Macroeconomic Headwinds
Given the macroeconomic headwinds in 2023, companies have been looking to consolidate vendors. Sourcegraph could be among the services that companies decide to cut, since it costs around $1K per user per year (Sourcegraph’s business plan charged $99 per user per month). This could be particularly likely at small and mid-sized companies that view their codebase as manageable without code search and batch changes.
Feature vs. Company
Github recently announced hitting the milestone of 100 million active users, with many engineers and companies using Github to house its repositories. With so many engineers and companies already using Github, enabling a code search feature through Github isn’t far from being a possibility, and this could endanger Soucegraph’s growth.
Summary
Developer productivity is becoming a high priority for growing companies.

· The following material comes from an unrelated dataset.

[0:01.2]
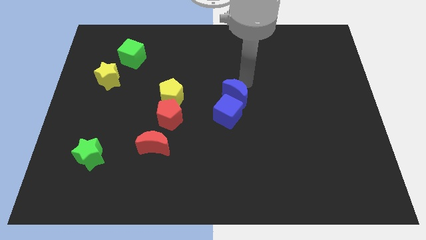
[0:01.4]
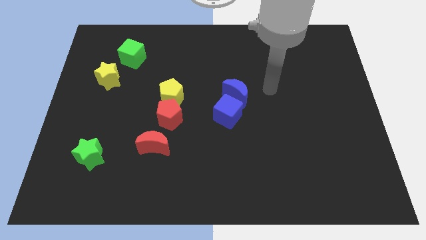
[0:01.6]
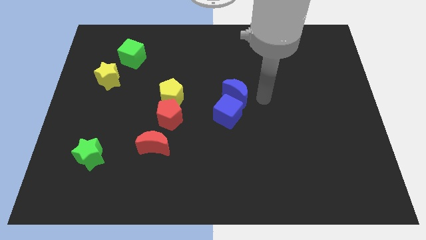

Managing batch changes across multiple repositories, such as handling migrations, is a common use case across developers at companies of all sizes. Sourcegraph has found an opportunity to enable universal code search and batch changes to increase developer productivity, reaching $10 million in revenue in 2021, and enabling engineering teams at companies like Uber and Hashicorp. Sourcegraph can benefit from expanding its user base beyond developers to other functions and become a valuable resource for all developers, not just those with multiple repositories. Sourcegraph can also strengthen is position through expanding its user base.